NEW YORK (GenomeWeb) – As liquid biopsy genetic tests have rocketed into clinical practice over the last handful of years, clinical researchers, test developers, and others have begun to pay increasing attention to a relative lack of tools to ensure assays are validated and performed according to common, or at least equivalent standards.
Last fall, for example, saw the launch of a consortium called the Blood Profiling Atlas in Cancer (BloodPAC) under the White House's Cancer Moonshot Initiative, aimed at aggregating and harmonizing data on current liquid biopsy tests, and on standardizing protocols for sample collection, preparation, and analysis for future test development.

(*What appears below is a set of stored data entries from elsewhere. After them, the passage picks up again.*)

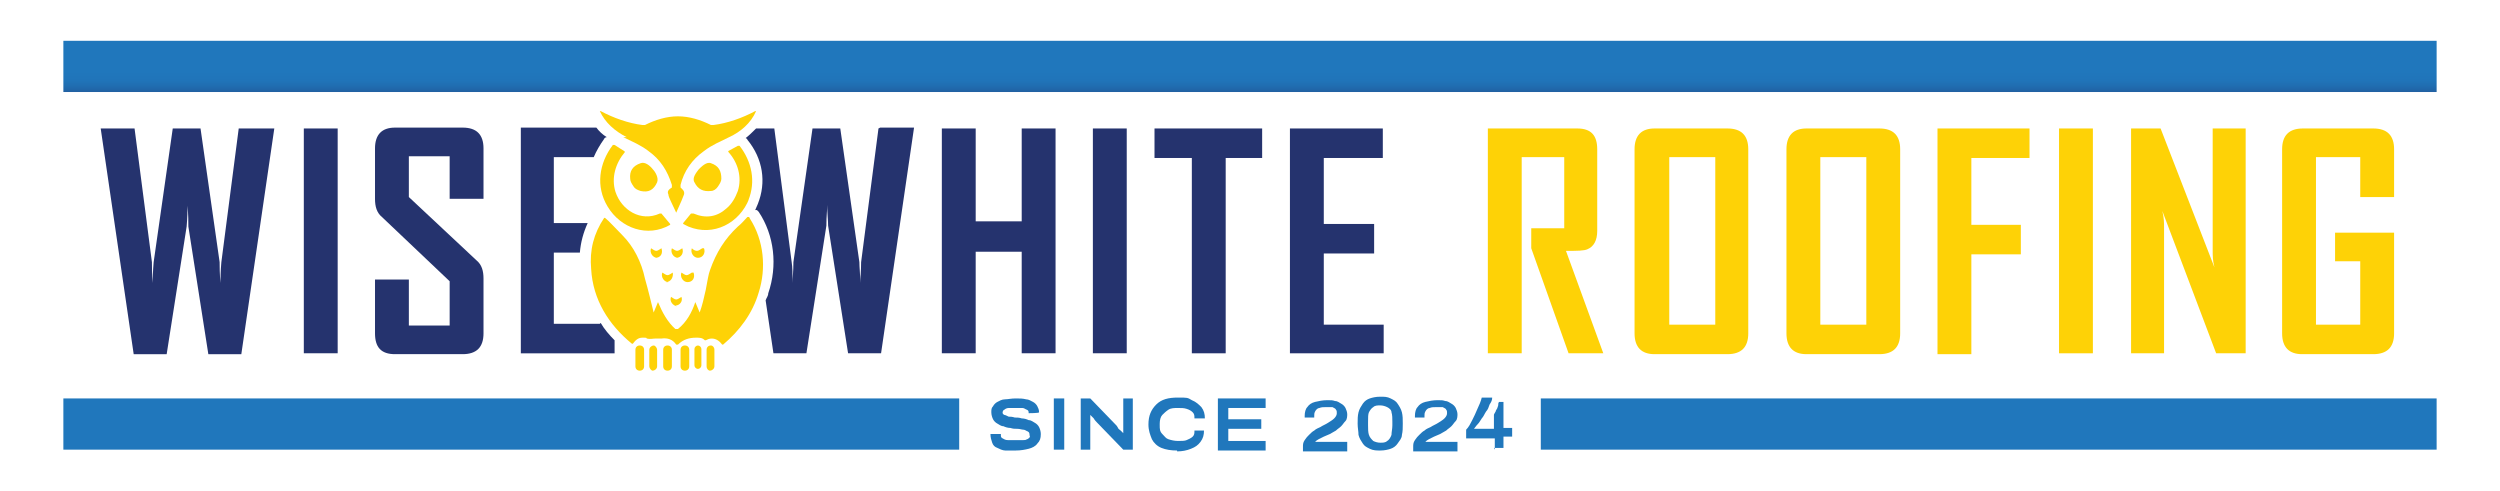 <?xml version="1.0" encoding="UTF-8"?>
<svg id="Layer_1" xmlns="http://www.w3.org/2000/svg" version="1.1" xmlns:xlink="http://www.w3.org/1999/xlink" viewBox="0 0 288 56.6">
  <!-- Generator: Adobe Illustrator 29.1.0, SVG Export Plug-In . SVG Version: 2.1.0 Build 142)  -->
  <defs>
    <style>
      .st0 {
        fill: #fed206;
      }

      .st1 {
        fill: #2077bc;
      }

      .st2 {
        fill: #25336e;
      }

      .st3 {
        fill: url(#linear-gradient);
        fill-rule: evenodd;
      }
    </style>
    <linearGradient id="linear-gradient" x1="144" y1="11.8" x2="144" y2="8.2" gradientUnits="userSpaceOnUse">
      <stop offset="0" stop-color="#25336e"/>
      <stop offset=".2" stop-color="#234a88"/>
      <stop offset=".3" stop-color="#215e9f"/>
      <stop offset=".5" stop-color="#206caf"/>
      <stop offset=".7" stop-color="#2074b9"/>
      <stop offset="1" stop-color="#2077bc"/>
    </linearGradient>
  </defs>
  <g>
    <path class="st2" d="M31.6,14.8l-3.8,26h-3.8l-2.3-14.7c0-.5,0-1.3-.1-2.4,0,.5,0,1.3-.1,2.4l-2.3,14.7h-3.8l-3.8-26h3.9l2,15.4c0,.5,0,1.3.1,2.4,0-.5,0-1.3.1-2.4l2.2-15.4h3.2l2.2,15.4c0,.5,0,1.3.1,2.4,0-.5,0-1.3.1-2.4l2-15.4h3.9Z"/>
    <path class="st2" d="M38.9,40.7h-3.9V14.8h3.9v26Z"/>
    <path class="st2" d="M55.7,38.4c0,1.6-.8,2.4-2.4,2.4h-7.8c-1.6,0-2.3-.8-2.3-2.4v-6.2h3.9v5.3h4.7v-5.1l-7.8-7.4c-.6-.5-.8-1.2-.8-2.1v-5.8c0-1.6.8-2.4,2.3-2.4h7.8c1.6,0,2.4.8,2.4,2.4v5.8h-3.9v-4.9h-4.7v4.7l7.8,7.3c.6.5.8,1.2.8,2.1v6.2Z"/>
    <path class="st2" d="M121.6,40.7h-3.9v-11.7h-5.3v11.7h-3.9V14.8h3.9v10.7h5.3v-10.7h3.9v26Z"/>
    <path class="st2" d="M129.8,40.7h-3.9V14.8h3.9v26Z"/>
    <path class="st2" d="M145.5,18.2h-4.3v22.5h-3.9v-22.5h-4.3v-3.4h12.4v3.4Z"/>
    <path class="st2" d="M159.4,40.7h-10.8V14.8h10.7v3.4h-6.8v7.6h5.8v3.4h-5.8v8.2h6.9v3.4Z"/>
    <path class="st0" d="M184.8,40.7h-4.1l-4.3-12.1v-2.3h3.8v-8.2h-4.9v22.6h-3.9V14.8h10.3c1.6,0,2.3.8,2.3,2.4v9.4c0,1.1-.4,1.8-1.1,2.1-.4.2-1.2.2-2.5.2l4.3,11.8Z"/>
    <path class="st0" d="M201.4,38.4c0,1.6-.8,2.4-2.4,2.4h-8.4c-1.5,0-2.3-.8-2.3-2.4v-21.2c0-1.6.8-2.4,2.3-2.4h8.4c1.6,0,2.4.8,2.4,2.4v21.2ZM197.6,37.4v-19.3h-5.3v19.3h5.3Z"/>
    <path class="st0" d="M218.9,38.4c0,1.6-.8,2.4-2.4,2.4h-8.4c-1.5,0-2.3-.8-2.3-2.4v-21.2c0-1.6.8-2.4,2.3-2.4h8.4c1.6,0,2.4.8,2.4,2.4v21.2ZM215,37.4v-19.3h-5.3v19.3h5.3Z"/>
    <path class="st0" d="M233.8,18.2h-6.7v7.7h5.7v3.4h-5.7v11.5h-3.9V14.8h10.6v3.4Z"/>
    <path class="st0" d="M241.1,40.7h-3.9V14.8h3.9v26Z"/>
    <path class="st0" d="M258.7,40.7h-3.4l-6.2-16.4c.2.8.2,1.4.2,1.9v14.5h-3.8V14.8h3.4l6.2,16c-.2-.8-.2-1.4-.2-1.9v-14.1h3.8v26Z"/>
    <path class="st0" d="M275.8,38.4c0,1.6-.8,2.4-2.4,2.4h-8.2c-1.5,0-2.3-.8-2.3-2.4v-21.2c0-1.6.8-2.4,2.4-2.4h8.1c1.6,0,2.4.8,2.4,2.4v5.5h-3.9v-4.6h-5.1v19.3h5.1v-7.3h-2.9v-3.3h6.8v11.5Z"/>
  </g>
  <g>
    <path class="st0" d="M71.8,15.8c1,.5,2,.9,2.9,1.6,1.4,1,2.2,2.3,2.7,3.9,0,.1,0,.3,0,.3,0,0,0,0,0,0-.3.2-.6.4-.4.8,0,.3.4,1,.9,2.1,0,0,0,0,0,0,0,0,0,0,0,0s0,0,0,0c0,0,0,0,0,0,.5-1.1.8-1.8.9-2.1.1-.4-.2-.6-.4-.8,0,0,0,0,0,0,0,0,0-.2,0-.3.4-1.6,1.3-2.9,2.7-3.9.9-.7,1.9-1.1,2.9-1.6,1.3-.6,2.5-1.6,3.1-3,0,0,0,0,0,0,0,0,0,0,0,0,0,0,0,0-.1,0-1.5.8-3.2,1.4-4.8,1.6-.1,0-.2,0-.3,0-1.2-.6-2.5-1-3.8-1s-2.6.4-3.8,1c-.1,0-.2,0-.3,0-1.6-.2-3.3-.8-4.8-1.6,0,0,0,0-.1,0,0,0,0,0,0,0,0,0,0,0,0,0,.6,1.3,1.7,2.3,3.1,3Z"/>
    <path class="st0" d="M71.9,17.4s0,0,0,0l-1.1-.7c0,0-.2,0-.2,0-1.6,2.1-2,4.8-.6,7.1,1.5,2.5,4.6,3.6,7.2,2.1,0,0,0,0,0,0,0,0,0,0,0-.1l-1-1.2s-.1,0-.2,0c-2.2,1-4.4-.4-5.1-2.5-.5-1.6,0-3.3,1.1-4.6,0,0,0,0,0,0Z"/>
    <path class="st0" d="M86.2,23.1c.9-2.2.4-4.5-1-6.3,0,0-.1,0-.2,0l-1.1.6s0,0,0,0c0,0,0,0,0,.1,1.1,1.2,1.6,2.9,1.1,4.5-.3.8-.7,1.5-1.3,2-1.1,1-2.4,1.2-3.8.6-.1,0-.2,0-.3,0l-.9,1.1s0,0,0,0c0,0,0,0,0,.1.2.1.4.2.6.3,2.9,1.2,5.9-.4,7-3.2Z"/>
    <path class="st0" d="M73.8,22c.9.2,1.5-.1,1.9-1,.2-.5-.2-1.2-.5-1.5-.3-.4-.9-.9-1.4-.7-.9.3-1.3.9-1.2,1.8,0,.3.2.6.4.9.2.3.5.4.8.5Z"/>
    <path class="st0" d="M81.9,22c.3,0,.6-.2.8-.5.2-.3.4-.6.4-.9,0-.9-.3-1.5-1.2-1.8-.5-.2-1.1.4-1.4.7-.3.4-.8,1-.5,1.5.4.8,1,1.1,1.9,1Z"/>
    <path class="st0" d="M86.3,25s0,0,0,0c0,0-.1,0-.2,0-.4.4-.6.7-1.1,1.1-1.5,1.4-2.5,3-3.2,5-.2.5-.3,1.3-.5,2.3-.2.9-.4,1.8-.7,2.6,0,0,0,0,0,0,0,0,0,0,0,0l-.5-1.2s0,0,0,0c0,0,0,0,0,0-.4,1.2-1,2.3-2,3.1,0,0-.2,0-.3,0-.9-.8-1.5-1.9-2-3.1,0,0,0,0,0,0,0,0,0,0,0,0l-.5,1.2s0,0,0,0c0,0,0,0,0,0-.3-1.2-.6-2.5-1-3.9-.4-1.9-1.3-3.7-2.6-5-.9-.9-1.5-1.6-2-2,0,0,0,0,0,0,0,0,0,0-.1,0-1.2,1.8-1.7,3.7-1.5,5.9.2,3.5,2,6.4,4.7,8.6,0,0,0,0,0,0,0,0,0,0,.1,0,.3-.4.6-.7,1.1-.7,0,0,.1,0,.2,0,.2,0,.3,0,.3.1.4.1.7,0,1,0,0,0,.1,0,.2,0h.5s0,0,0,0c.7-.1,1.3.1,1.7.7,0,0,0,0,0,0,0,0,.1,0,.2,0,.6-.6,1.3-.8,2.1-.8.4,0,.7,0,1,.3,0,0,.1,0,.1,0,.2-.1.4-.2.7-.2.5,0,.9.3,1.2.7,0,0,0,0,0,0,0,0,0,0,.1,0,1.9-1.6,3.4-3.6,4.1-6,.9-2.8.6-6-1-8.5Z"/>
    <path class="st0" d="M77.9,29.7c.6,0,.9-.6.7-1.1,0,0,0,0,0,0,0,0,0,0,0,0-.2.1-.4.3-.6.3s-.4-.2-.6-.3c0,0,0,0,0,0,0,0,0,0,0,0-.2.5.2,1.1.7,1.1Z"/>
    <path class="st0" d="M75.5,29.7c.6,0,.9-.5.7-1.1,0,0,0,0,0,0,0,0,0,0,0,0-.2.1-.4.3-.6.3-.2,0-.4-.2-.6-.3,0,0,0,0,0,0,0,0,0,0,0,0-.2.5.2,1.1.7,1.1Z"/>
    <path class="st0" d="M80.9,28.6s0,0,0,0c0,0,0,0,0,0-.2.1-.4.3-.6.3-.2,0-.4-.1-.6-.3,0,0,0,0,0,0,0,0,0,0,0,0-.2.5.2,1.1.7,1.1.6,0,.9-.6.7-1.1Z"/>
    <path class="st0" d="M76.7,32.5c.6,0,.9-.6.8-1.1,0,0,0,0,0,0,0,0,0,0,0,0-.2.1-.4.3-.6.3-.2,0-.4-.2-.6-.3,0,0,0,0,0,0,0,0,0,0,0,0-.2.5.2,1.1.7,1.1Z"/>
    <path class="st0" d="M79.7,31.4s0,0,0,0c0,0,0,0,0,0-.2.1-.4.3-.6.3-.2,0-.4-.2-.6-.3,0,0,0,0,0,0,0,0,0,0,0,0-.2.5.2,1.1.7,1.1.6,0,.9-.5.7-1.1Z"/>
    <path class="st0" d="M77.8,35.2c.5,0,.9-.5.7-1,0,0,0,0,0,0,0,0,0,0,0,0-.2.1-.4.3-.6.3-.2,0-.4-.2-.6-.3,0,0,0,0,0,0,0,0,0,0,0,0-.2.5.2,1,.7,1.1Z"/>
    <path class="st0" d="M73.7,39.8c-.3,0-.5.2-.5.5v1.9c0,.3.2.5.5.5.3,0,.5-.2.5-.5v-1.9c0-.3-.2-.5-.5-.5Z"/>
    <path class="st0" d="M75.3,39.8c-.2,0-.5.2-.5.5v1.9c0,.2.2.5.4.5.2,0,.5-.2.5-.5v-1.9c0-.2-.2-.5-.4-.5Z"/>
    <path class="st0" d="M78.9,39.8c-.3,0-.5.2-.5.5v1.9c0,.3.2.5.5.5s.5-.2.5-.5v-1.9c0-.3-.2-.5-.5-.5Z"/>
    <path class="st0" d="M81.9,39.8c-.3,0-.5.2-.5.5v1.9c0,.3.2.5.4.5s.5-.2.5-.5v-1.9c0-.3-.2-.5-.4-.5Z"/>
    <path class="st0" d="M76.9,39.8h0c-.3,0-.5.2-.5.5v1.9c0,.3.2.5.5.5.3,0,.5-.2.5-.5v-1.9c0-.3-.2-.5-.5-.5Z"/>
    <path class="st0" d="M80.4,39.8c-.2,0-.4.2-.4.4v1.9c0,.2.2.4.4.4.2,0,.4-.2.4-.4v-1.9c0-.2-.2-.4-.4-.4Z"/>
  </g>
  <g>
    <rect class="st1" x="7.3" y="45.9" width="103.2" height="5.9"/>
    <rect class="st1" x="177.5" y="45.9" width="103.2" height="5.9"/>
  </g>
  <g>
    <path class="st1" d="M116.9,51.9c-.4,0-.8,0-1.1,0s-.7-.2-.9-.3c-.3-.1-.5-.3-.6-.6-.1-.3-.2-.6-.2-1h0c0,0,0,0,0,0h1.2s0,0,0,0c0,0,0,0,0,.1,0,.2,0,.3.2.4s.3.2.6.2c.3,0,.6,0,.9,0s.3,0,.5,0c.2,0,.3,0,.4,0,.1,0,.3,0,.4-.1.1,0,.2-.1.3-.2s0-.2,0-.3c0-.1,0-.3-.2-.4-.1,0-.3-.2-.5-.2s-.4-.1-.7-.1c-.3,0-.5,0-.8-.1-.3,0-.6-.1-.8-.2-.3,0-.5-.2-.7-.3s-.4-.3-.5-.5c-.1-.2-.2-.5-.2-.8s0-.5.2-.7c.1-.2.3-.4.5-.5.2-.1.5-.3.9-.3.3,0,.7-.1,1.2-.1s.8,0,1.2.1c.3,0,.6.2.8.3s.4.3.5.5.2.4.2.7h0c0,.1-1.2.1-1.2.1h0c0-.2,0-.3-.2-.4-.1,0-.3-.2-.5-.2s-.5,0-.7,0-.7,0-.9,0c-.2,0-.4.1-.5.2-.1,0-.2.2-.2.3s0,.2.2.3c.1,0,.3.1.5.2.2,0,.4,0,.7.1.3,0,.5,0,.8.1.3,0,.6.1.8.2.3,0,.5.2.7.3s.4.3.5.5c.1.2.2.5.2.8,0,.5-.1.8-.4,1.1-.2.3-.6.5-1,.6-.4.1-.9.2-1.5.2Z"/>
    <path class="st1" d="M121.4,51.8v-5.9h1.2v5.9h-1.2Z"/>
    <path class="st1" d="M124.5,51.8v-5.9h1.1l3,3.1c0,0,.1.1.2.3,0,.1.2.2.3.3s.2.2.3.3h0c0-.1,0-.3,0-.5,0-.2,0-.3,0-.4v-3.1h1.1v5.9h-1.1l-3-3.1c-.1-.1-.3-.3-.4-.5-.2-.2-.3-.3-.4-.4h0c0,0,0,.2,0,.4s0,.4,0,.6v3h-1.1Z"/>
    <path class="st1" d="M135.6,51.9c-.7,0-1.3-.1-1.8-.3s-.9-.6-1.1-1c-.2-.5-.4-1-.4-1.7,0-1,.3-1.7.9-2.3s1.4-.8,2.5-.8,1.1,0,1.6.3c.5.2.8.5,1.1.8.3.4.4.8.4,1.3h-1.2c0-.3,0-.5-.2-.7s-.4-.3-.7-.4-.6-.1-1-.1-.8,0-1.1.2-.5.4-.7.6-.3.6-.3,1v.2c0,.4,0,.7.3,1s.4.5.7.6c.3.1.7.2,1.1.2s.8,0,1-.1.5-.2.7-.4c.2-.2.2-.4.2-.7h1.1c0,.5-.1.9-.4,1.3-.3.4-.6.6-1.1.8-.5.2-1,.3-1.6.3Z"/>
    <path class="st1" d="M140.3,51.8v-5.9h5.5v1.1h-4.3v1.3h3.8v1.1h-3.8v1.4h4.3v1.1h-5.5Z"/>
    <path class="st1" d="M150.1,51.8v-.3c0-.3,0-.5.2-.8s.3-.4.5-.6c.2-.2.4-.4.6-.5.2-.2.5-.3.7-.4.3-.2.6-.3.9-.5.3-.2.5-.3.7-.5s.3-.4.3-.6,0-.3-.1-.4c0-.1-.2-.2-.4-.3-.2,0-.4,0-.7,0s-.6,0-.8.1c-.2,0-.4.2-.5.4s-.1.3-.1.5v.2h-1.1s0,0,0-.1,0,0,0-.1c0-.4.1-.8.3-1,.2-.3.5-.5.9-.6.4-.1.9-.2,1.4-.2s.6,0,.9.1c.3,0,.5.2.7.3.2.1.4.3.5.5s.2.5.2.7,0,.6-.2.8-.3.4-.5.6-.4.3-.6.5c-.2.1-.5.3-.7.4-.2.1-.5.2-.7.3-.2.1-.4.2-.6.3-.2.1-.3.2-.4.3h3.7v1.1h-5.1Z"/>
    <path class="st1" d="M159,51.9c-.4,0-.8,0-1.2-.2s-.6-.3-.8-.6c-.2-.3-.4-.6-.5-1,0-.4-.1-.8-.1-1.3s0-.9.1-1.3.3-.7.5-1c.2-.3.5-.5.8-.6s.7-.2,1.2-.2.8,0,1.2.2.6.3.8.6c.2.3.4.6.5,1s.1.8.1,1.3,0,.9-.1,1.3c0,.4-.3.7-.5,1-.2.3-.5.5-.8.6s-.7.2-1.2.2ZM159,51c.3,0,.6,0,.8-.2.2-.1.4-.4.5-.7,0-.3.1-.7.1-1.1v-.4c0-.4,0-.8-.1-1.1,0-.3-.3-.5-.5-.6-.2-.1-.5-.2-.8-.2s-.6,0-.8.2c-.2.1-.4.4-.5.6s-.1.6-.1,1.1v.4c0,.4,0,.8.1,1.1s.3.5.5.7c.2.1.5.2.8.2Z"/>
    <path class="st1" d="M162.8,51.8v-.3c0-.3,0-.5.2-.8s.3-.4.5-.6c.2-.2.4-.4.6-.5.2-.2.5-.3.7-.4.3-.2.6-.3.9-.5.3-.2.5-.3.7-.5s.3-.4.3-.6,0-.3-.1-.4c0-.1-.2-.2-.4-.3-.2,0-.4,0-.7,0s-.6,0-.8.1c-.2,0-.4.2-.5.4s-.1.3-.1.5v.2h-1.1s0,0,0-.1,0,0,0-.1c0-.4.1-.8.3-1,.2-.3.5-.5.9-.6.4-.1.9-.2,1.4-.2s.6,0,.9.1c.3,0,.5.2.7.3.2.1.4.3.5.5s.2.5.2.7,0,.6-.2.8-.3.4-.5.6-.4.3-.6.5c-.2.1-.5.3-.7.4-.2.1-.5.2-.7.3-.2.1-.4.2-.6.3-.2.1-.3.2-.4.3h3.7v1.1h-5.1Z"/>
    <path class="st1" d="M172.2,51.8v-1.3h-3.3v-1c.3-.3.5-.7.7-1.1.2-.4.4-.8.6-1.3.2-.4.4-.9.5-1.3h1.2c0,.3-.1.5-.3.8-.1.3-.2.6-.4.8-.2.3-.3.6-.5.8-.2.3-.3.5-.5.7-.2.2-.3.4-.4.5h2.3v-1.6c0-.1.1-.2.2-.4,0-.1.1-.2.2-.4,0-.1.1-.2.1-.4,0-.1,0-.2.1-.3h.5v3h1v1h-1v1.3h-1.1Z"/>
  </g>
  <path class="st2" d="M101.2,14.8l-2,15.4c0,1.1-.1,1.8-.1,2.4,0-1.1-.1-1.8-.1-2.4l-2.2-15.4h-3.2l-2.2,15.4c0,1.1-.1,1.8-.1,2.4,0-1.1,0-1.8-.1-2.4l-2-15.4h-2.1c-.4.4-.8.8-1.2,1.1,0,0,.2.1.2.2,1.8,2.2,2.2,4.9,1.2,7.4-.1.2-.2.5-.3.7,0,0,.1,0,.2,0l.2.2c1.8,2.7,2.2,6.2,1.1,9.4,0,.3-.2.5-.3.8l.9,6.1h3.8l2.3-14.7c0-1.1.1-1.8.1-2.4,0,1.1.1,1.8.1,2.4l2.3,14.7h3.8l3.8-26h-3.9Z"/>
  <path class="st2" d="M69.1,37.3h-5.3v-8.2h3c.1-1.2.4-2.3.9-3.4h-3.9v-7.6h4.6c.3-.7.7-1.4,1.2-2.1,0-.1.2-.2.3-.2-.5-.3-.9-.7-1.2-1.1h-8.7v26h10.8v-1.5c-.6-.6-1.2-1.3-1.6-2Z"/>
  <polygon class="st3" points="262.9 4.7 25.1 4.7 25.1 4.7 7.3 4.7 7.3 9.2 7.3 9.2 7.3 10.6 7.3 10.6 280.7 10.6 280.7 9.2 280.7 4.7 262.9 4.7 262.9 4.7"/>
</svg>

"While many blood proﬁling platforms exist for research use only (RUO), questions remain regarding the performance characteristics and clinical validation of these platforms, and standard protocols for sample collection, processing, and analysis remain to be established. This information is a prerequisite to the design of clinical studies to demonstrate clinical utility … assay reproducibility, and provide support for [US Food and Drug Administration] approval and payer reimbursement," authors wrote in a paper describing BloodPAC this spring.
In parallel to BloodPAC (and to other efforts by academic groups), companies have also begun to highlight new products this year, recognizing growing attention and appetite for these tools.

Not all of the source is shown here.